ACTIVITY:
Look through the data below. Show each line where the string "preserve" occurs.

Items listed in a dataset
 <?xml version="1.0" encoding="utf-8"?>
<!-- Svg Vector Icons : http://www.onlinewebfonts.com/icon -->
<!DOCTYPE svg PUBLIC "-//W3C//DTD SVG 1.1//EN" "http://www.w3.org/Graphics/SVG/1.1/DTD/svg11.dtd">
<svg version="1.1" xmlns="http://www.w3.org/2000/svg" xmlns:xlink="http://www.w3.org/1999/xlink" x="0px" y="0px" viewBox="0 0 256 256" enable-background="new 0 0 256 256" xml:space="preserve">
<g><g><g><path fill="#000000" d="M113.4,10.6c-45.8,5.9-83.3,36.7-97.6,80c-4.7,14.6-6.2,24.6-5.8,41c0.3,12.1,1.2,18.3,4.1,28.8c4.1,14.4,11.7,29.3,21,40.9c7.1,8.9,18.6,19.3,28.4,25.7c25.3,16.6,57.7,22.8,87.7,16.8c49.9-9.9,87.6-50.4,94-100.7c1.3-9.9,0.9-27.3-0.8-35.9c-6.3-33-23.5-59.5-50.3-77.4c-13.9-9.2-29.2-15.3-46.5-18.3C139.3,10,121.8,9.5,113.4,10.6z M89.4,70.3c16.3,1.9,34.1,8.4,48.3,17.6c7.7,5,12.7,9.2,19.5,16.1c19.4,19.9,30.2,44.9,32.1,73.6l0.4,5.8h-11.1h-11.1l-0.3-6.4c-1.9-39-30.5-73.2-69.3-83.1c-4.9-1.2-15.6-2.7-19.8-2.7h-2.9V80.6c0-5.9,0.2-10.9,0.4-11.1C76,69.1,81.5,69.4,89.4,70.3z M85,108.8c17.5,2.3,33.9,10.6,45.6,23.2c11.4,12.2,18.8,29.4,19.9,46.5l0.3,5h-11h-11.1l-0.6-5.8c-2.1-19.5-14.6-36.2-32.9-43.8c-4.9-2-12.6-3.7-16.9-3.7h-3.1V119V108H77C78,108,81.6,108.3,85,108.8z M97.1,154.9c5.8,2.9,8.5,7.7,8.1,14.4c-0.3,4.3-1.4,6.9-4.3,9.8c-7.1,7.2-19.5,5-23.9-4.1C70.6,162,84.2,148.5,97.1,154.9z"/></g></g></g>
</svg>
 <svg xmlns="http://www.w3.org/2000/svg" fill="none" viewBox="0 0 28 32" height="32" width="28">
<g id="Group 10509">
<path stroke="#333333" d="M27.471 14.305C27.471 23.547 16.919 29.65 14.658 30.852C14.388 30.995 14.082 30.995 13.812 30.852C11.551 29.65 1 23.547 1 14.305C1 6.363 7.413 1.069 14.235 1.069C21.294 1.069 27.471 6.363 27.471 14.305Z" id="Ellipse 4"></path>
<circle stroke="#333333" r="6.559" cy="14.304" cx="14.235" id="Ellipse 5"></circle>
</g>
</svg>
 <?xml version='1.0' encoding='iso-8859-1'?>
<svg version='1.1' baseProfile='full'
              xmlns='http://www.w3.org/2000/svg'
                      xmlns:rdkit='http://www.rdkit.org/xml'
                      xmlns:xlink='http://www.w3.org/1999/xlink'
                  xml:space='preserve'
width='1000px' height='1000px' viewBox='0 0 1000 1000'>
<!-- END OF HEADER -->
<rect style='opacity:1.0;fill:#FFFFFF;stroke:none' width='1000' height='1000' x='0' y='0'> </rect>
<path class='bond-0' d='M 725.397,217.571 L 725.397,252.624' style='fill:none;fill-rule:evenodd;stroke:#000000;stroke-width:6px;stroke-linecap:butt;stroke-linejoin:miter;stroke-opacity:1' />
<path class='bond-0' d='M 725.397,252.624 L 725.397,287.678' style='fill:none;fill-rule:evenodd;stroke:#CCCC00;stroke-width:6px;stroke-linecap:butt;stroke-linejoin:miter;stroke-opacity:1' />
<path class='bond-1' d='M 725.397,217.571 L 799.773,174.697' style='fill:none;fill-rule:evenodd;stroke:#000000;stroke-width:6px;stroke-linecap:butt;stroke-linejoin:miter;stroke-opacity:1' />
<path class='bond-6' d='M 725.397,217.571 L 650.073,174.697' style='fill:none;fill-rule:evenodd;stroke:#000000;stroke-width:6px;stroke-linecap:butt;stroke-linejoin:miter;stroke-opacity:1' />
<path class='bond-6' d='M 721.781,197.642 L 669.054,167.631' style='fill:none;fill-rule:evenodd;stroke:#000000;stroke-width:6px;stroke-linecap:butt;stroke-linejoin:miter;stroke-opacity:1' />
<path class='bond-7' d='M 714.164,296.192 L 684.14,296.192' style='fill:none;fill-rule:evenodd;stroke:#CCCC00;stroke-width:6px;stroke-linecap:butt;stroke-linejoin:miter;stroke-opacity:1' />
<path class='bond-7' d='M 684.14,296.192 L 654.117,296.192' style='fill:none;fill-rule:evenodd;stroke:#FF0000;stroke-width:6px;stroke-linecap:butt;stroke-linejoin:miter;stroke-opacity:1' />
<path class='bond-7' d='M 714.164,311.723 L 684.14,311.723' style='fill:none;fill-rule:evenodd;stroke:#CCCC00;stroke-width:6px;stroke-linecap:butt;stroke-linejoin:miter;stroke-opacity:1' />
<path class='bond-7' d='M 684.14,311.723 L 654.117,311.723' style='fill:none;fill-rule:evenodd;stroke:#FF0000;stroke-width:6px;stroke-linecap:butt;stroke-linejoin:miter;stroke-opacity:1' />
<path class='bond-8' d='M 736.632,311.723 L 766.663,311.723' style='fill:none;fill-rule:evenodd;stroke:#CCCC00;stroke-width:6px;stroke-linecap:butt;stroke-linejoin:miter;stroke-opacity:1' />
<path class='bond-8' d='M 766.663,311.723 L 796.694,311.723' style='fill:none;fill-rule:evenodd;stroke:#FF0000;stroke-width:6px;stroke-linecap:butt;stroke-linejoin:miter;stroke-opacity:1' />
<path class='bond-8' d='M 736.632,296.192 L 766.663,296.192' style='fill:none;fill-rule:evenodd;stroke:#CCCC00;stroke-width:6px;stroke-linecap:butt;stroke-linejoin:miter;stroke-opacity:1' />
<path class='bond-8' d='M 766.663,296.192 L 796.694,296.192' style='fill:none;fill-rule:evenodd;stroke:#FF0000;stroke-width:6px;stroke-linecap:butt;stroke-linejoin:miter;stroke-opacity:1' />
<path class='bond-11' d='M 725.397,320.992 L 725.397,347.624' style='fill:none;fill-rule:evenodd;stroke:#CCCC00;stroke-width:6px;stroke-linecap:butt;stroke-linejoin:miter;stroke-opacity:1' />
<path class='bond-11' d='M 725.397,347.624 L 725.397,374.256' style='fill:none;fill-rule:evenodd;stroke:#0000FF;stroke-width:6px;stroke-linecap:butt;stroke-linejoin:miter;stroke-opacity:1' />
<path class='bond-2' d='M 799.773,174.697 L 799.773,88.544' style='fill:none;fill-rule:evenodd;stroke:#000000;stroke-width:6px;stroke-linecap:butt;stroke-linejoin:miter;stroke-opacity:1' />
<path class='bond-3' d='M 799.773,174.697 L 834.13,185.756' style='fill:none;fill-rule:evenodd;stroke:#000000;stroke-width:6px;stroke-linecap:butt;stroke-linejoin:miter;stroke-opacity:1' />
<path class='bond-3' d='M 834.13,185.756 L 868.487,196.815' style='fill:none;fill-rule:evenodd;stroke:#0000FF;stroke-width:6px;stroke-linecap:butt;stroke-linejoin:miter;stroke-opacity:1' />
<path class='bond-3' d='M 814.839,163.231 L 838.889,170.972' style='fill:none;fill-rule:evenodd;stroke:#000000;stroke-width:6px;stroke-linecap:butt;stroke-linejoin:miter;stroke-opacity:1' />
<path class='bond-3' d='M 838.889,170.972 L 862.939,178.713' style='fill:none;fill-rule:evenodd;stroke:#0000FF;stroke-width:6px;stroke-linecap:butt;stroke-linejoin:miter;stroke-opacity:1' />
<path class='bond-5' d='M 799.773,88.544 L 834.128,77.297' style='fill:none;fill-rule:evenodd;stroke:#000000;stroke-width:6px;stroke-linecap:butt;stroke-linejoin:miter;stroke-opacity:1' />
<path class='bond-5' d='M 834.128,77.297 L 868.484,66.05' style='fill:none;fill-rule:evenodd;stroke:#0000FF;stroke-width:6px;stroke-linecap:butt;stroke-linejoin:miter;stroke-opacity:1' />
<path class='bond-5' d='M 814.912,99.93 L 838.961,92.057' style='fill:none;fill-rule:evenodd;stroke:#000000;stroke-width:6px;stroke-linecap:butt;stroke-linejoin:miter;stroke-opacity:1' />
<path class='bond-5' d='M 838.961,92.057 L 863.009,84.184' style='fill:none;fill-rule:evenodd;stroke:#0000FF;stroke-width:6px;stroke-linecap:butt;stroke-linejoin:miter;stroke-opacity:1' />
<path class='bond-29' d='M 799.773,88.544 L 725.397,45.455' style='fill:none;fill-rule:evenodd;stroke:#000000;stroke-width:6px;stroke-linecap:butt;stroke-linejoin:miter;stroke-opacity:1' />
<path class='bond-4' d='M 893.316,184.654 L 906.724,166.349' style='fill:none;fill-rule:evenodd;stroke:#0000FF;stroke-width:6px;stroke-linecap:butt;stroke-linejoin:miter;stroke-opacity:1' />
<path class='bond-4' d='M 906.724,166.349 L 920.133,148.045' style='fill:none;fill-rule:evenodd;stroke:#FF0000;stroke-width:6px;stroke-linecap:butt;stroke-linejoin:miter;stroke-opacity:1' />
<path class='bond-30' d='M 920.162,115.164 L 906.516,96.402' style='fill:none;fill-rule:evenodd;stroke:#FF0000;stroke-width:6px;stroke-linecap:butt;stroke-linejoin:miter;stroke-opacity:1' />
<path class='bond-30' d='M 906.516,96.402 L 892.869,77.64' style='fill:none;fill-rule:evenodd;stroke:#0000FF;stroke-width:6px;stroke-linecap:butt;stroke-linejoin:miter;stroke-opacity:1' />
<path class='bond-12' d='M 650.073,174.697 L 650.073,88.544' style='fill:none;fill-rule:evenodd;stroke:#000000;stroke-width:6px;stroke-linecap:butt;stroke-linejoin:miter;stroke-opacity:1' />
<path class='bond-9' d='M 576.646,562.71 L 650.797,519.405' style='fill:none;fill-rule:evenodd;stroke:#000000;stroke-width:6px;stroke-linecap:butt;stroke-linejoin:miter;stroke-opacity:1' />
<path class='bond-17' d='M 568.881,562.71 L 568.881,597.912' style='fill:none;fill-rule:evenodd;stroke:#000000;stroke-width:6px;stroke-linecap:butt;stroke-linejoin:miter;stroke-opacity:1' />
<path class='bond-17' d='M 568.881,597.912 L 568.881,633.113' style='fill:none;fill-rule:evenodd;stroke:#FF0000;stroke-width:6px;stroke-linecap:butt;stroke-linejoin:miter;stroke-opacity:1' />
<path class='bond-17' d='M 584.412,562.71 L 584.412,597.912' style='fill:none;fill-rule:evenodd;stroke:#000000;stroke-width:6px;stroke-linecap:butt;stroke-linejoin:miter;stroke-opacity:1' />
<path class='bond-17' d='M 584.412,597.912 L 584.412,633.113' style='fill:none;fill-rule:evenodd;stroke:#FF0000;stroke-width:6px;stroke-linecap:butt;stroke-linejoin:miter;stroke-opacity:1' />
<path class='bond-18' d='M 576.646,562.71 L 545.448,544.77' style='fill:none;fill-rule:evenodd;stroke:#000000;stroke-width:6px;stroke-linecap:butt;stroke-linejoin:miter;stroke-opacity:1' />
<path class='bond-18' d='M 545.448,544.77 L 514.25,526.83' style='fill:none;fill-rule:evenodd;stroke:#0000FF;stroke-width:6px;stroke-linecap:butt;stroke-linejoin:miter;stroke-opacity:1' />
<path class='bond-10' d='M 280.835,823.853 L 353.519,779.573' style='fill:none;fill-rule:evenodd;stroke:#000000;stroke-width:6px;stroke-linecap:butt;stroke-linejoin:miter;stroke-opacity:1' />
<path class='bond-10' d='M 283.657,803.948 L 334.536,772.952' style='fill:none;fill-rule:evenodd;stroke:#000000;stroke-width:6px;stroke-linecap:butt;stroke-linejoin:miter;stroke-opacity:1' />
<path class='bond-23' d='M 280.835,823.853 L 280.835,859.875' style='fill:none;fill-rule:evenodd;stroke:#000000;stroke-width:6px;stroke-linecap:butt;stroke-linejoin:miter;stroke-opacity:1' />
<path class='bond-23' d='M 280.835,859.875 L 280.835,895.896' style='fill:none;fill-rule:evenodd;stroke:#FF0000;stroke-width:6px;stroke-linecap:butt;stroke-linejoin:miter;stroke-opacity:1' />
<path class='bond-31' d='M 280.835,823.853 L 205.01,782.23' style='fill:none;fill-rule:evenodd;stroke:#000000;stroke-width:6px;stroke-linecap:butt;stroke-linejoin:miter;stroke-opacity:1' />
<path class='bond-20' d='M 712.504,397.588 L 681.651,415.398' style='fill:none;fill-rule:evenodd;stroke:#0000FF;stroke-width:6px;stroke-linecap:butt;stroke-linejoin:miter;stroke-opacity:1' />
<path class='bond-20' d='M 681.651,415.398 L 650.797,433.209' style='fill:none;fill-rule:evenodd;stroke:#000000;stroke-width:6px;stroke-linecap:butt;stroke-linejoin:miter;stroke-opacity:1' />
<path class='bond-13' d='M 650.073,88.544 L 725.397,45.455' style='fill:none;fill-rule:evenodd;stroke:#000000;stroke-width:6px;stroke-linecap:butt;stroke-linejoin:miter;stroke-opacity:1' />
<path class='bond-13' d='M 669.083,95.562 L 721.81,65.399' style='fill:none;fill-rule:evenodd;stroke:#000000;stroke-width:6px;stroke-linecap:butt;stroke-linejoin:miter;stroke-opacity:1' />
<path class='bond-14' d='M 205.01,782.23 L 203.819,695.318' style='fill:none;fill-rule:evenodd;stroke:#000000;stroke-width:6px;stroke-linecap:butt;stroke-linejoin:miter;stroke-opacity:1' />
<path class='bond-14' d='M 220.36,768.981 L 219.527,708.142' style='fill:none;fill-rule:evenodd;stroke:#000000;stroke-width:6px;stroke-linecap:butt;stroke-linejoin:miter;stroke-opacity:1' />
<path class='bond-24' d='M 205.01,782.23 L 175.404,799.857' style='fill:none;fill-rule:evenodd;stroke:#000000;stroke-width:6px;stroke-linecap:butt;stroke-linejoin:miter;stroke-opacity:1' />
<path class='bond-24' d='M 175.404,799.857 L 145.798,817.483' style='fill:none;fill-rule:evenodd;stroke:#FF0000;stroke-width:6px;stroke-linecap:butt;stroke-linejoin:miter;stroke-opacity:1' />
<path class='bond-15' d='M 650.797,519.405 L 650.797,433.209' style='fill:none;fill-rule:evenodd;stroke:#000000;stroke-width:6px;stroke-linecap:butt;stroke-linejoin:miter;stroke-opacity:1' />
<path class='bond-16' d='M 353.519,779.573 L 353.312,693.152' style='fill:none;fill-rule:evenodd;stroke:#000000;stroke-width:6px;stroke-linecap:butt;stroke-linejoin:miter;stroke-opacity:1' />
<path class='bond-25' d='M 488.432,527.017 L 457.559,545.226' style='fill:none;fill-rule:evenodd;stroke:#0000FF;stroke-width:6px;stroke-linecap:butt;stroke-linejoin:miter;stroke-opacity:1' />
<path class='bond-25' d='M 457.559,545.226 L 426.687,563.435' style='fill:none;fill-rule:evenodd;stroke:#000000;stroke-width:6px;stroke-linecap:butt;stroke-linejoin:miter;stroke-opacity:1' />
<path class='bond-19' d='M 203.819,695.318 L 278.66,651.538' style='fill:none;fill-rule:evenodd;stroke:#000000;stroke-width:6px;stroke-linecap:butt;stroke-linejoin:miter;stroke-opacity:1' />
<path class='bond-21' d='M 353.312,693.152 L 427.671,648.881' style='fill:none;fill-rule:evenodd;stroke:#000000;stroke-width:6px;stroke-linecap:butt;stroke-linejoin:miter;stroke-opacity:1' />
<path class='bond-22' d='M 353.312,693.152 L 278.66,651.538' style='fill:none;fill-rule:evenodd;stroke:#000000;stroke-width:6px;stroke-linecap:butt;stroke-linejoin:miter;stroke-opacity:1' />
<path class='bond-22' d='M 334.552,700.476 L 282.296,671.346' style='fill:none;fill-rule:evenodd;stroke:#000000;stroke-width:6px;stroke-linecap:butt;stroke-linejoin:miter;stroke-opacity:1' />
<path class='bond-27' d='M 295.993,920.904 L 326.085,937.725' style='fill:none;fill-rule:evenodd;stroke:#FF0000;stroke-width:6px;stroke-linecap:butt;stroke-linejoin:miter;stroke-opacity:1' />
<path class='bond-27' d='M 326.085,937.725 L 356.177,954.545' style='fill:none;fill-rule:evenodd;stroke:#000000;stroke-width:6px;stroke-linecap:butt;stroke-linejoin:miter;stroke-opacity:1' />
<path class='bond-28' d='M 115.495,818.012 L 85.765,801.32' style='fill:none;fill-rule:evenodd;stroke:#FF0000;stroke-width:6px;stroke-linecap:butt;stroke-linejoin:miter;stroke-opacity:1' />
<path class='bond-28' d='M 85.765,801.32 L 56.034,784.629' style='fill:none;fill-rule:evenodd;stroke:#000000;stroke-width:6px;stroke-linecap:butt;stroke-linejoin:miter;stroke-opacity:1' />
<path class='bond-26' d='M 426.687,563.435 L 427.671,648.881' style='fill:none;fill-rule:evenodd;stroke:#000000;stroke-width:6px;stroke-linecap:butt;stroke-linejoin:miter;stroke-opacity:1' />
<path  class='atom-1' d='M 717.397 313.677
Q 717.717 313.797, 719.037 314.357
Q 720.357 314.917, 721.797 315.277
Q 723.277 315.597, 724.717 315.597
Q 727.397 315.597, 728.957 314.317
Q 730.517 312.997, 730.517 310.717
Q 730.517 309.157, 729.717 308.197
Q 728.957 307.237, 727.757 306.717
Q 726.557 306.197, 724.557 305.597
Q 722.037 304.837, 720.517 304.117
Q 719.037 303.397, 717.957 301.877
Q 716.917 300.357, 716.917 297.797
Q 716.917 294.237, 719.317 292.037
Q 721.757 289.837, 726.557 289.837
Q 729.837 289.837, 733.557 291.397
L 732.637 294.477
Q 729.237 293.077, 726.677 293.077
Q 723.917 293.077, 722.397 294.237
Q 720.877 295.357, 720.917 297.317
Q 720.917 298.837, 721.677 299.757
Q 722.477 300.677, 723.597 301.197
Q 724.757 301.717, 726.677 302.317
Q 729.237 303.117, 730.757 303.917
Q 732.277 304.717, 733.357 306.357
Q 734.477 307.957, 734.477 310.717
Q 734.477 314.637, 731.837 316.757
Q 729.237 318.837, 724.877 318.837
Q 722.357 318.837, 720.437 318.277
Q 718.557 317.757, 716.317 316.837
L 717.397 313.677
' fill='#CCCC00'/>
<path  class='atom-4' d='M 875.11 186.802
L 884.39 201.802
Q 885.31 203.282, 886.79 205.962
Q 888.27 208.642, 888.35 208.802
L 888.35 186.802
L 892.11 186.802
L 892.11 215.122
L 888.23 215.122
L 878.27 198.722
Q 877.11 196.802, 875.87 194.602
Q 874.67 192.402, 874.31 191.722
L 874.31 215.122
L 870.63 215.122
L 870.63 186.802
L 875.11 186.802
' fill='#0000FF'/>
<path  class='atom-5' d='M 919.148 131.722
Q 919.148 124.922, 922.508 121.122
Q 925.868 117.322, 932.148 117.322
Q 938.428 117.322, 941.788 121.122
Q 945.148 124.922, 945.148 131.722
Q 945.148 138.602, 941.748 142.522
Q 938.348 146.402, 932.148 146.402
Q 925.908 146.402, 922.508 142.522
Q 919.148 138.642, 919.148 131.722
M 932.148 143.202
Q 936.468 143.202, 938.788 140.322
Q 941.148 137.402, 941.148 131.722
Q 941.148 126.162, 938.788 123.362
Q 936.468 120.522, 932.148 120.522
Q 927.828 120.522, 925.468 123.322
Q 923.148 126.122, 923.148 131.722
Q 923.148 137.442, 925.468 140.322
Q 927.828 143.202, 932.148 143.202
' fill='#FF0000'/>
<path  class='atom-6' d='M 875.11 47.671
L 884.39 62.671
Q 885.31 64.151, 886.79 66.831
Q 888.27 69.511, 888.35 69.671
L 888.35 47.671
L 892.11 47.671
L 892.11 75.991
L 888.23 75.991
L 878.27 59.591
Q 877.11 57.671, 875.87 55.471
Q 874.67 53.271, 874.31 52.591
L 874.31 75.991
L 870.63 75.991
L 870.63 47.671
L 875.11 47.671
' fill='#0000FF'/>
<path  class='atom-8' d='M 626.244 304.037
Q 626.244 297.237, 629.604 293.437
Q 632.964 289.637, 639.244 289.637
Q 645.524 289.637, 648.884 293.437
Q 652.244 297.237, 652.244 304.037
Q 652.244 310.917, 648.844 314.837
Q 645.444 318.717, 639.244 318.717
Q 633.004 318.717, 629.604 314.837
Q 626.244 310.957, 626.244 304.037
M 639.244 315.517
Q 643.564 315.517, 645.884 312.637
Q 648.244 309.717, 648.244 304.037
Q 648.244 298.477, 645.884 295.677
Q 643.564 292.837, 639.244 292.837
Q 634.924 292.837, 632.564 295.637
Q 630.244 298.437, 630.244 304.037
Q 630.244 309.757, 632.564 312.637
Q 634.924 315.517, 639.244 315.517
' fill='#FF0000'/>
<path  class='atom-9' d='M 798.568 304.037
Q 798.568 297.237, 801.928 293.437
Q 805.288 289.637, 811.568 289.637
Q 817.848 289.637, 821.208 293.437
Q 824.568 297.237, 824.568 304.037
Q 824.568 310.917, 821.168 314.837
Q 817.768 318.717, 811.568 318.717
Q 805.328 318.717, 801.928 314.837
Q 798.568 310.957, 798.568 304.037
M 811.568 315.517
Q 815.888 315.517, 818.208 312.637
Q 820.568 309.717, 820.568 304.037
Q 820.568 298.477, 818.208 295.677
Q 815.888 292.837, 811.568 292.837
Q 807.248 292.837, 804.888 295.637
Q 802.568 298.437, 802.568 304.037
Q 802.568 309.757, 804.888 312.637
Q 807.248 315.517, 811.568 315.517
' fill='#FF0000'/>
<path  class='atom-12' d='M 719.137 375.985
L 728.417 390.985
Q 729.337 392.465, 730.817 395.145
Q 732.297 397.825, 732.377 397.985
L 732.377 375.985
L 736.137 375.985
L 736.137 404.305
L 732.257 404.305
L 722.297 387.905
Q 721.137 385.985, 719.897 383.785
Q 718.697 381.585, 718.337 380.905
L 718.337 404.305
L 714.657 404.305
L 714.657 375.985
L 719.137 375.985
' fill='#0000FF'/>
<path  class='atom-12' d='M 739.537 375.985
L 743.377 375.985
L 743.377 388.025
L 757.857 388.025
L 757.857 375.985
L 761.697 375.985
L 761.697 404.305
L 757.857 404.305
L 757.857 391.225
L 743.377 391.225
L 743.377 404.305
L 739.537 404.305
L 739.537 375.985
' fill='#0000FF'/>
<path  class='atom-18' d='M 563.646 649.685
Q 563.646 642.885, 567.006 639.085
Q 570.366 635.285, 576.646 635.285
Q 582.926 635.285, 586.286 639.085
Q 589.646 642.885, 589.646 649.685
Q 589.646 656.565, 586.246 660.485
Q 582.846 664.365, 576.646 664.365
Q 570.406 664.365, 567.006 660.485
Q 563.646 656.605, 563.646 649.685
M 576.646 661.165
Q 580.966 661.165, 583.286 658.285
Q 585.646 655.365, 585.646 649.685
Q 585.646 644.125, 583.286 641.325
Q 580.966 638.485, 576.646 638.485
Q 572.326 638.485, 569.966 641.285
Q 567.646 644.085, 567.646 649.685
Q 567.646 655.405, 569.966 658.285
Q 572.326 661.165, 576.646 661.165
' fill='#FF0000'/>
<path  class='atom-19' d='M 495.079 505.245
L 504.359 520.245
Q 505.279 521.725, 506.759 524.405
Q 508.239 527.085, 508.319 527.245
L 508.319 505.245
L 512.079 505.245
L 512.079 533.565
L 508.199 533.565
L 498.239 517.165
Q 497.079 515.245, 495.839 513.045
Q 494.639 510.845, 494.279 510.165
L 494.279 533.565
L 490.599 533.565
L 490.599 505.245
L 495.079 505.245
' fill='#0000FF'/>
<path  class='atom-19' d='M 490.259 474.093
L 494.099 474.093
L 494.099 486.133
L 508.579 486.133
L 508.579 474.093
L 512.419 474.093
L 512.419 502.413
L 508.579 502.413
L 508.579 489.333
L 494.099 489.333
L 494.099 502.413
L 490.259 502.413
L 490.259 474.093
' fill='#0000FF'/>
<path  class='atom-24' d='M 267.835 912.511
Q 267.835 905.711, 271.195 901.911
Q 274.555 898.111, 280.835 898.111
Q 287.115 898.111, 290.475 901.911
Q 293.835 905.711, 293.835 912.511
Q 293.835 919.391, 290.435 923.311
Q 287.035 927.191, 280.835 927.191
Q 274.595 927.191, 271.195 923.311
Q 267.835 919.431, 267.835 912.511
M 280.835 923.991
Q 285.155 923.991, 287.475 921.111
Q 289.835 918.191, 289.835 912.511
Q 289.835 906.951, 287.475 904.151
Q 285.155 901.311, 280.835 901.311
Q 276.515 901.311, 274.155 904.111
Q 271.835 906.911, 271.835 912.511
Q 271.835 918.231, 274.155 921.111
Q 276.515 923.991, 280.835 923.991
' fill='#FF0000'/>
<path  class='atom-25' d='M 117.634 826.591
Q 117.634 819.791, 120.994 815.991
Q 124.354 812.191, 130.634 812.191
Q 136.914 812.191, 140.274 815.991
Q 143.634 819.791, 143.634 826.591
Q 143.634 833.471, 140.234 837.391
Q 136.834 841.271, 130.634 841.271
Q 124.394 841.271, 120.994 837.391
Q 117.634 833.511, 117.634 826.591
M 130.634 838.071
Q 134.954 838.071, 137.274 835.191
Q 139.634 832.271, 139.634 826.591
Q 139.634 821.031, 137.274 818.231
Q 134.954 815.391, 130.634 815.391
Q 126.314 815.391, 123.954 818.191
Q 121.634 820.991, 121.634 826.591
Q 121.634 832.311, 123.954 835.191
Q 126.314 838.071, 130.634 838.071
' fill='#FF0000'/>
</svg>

EXPECTED OUTPUT:
<svg version="1.1" xmlns="http://www.w3.org/2000/svg" xmlns:xlink="http://www.w3.org/1999/xlink" x="0px" y="0px" viewBox="0 0 256 256" enable-background="new 0 0 256 256" xml:space="preserve">
                  xml:space='preserve'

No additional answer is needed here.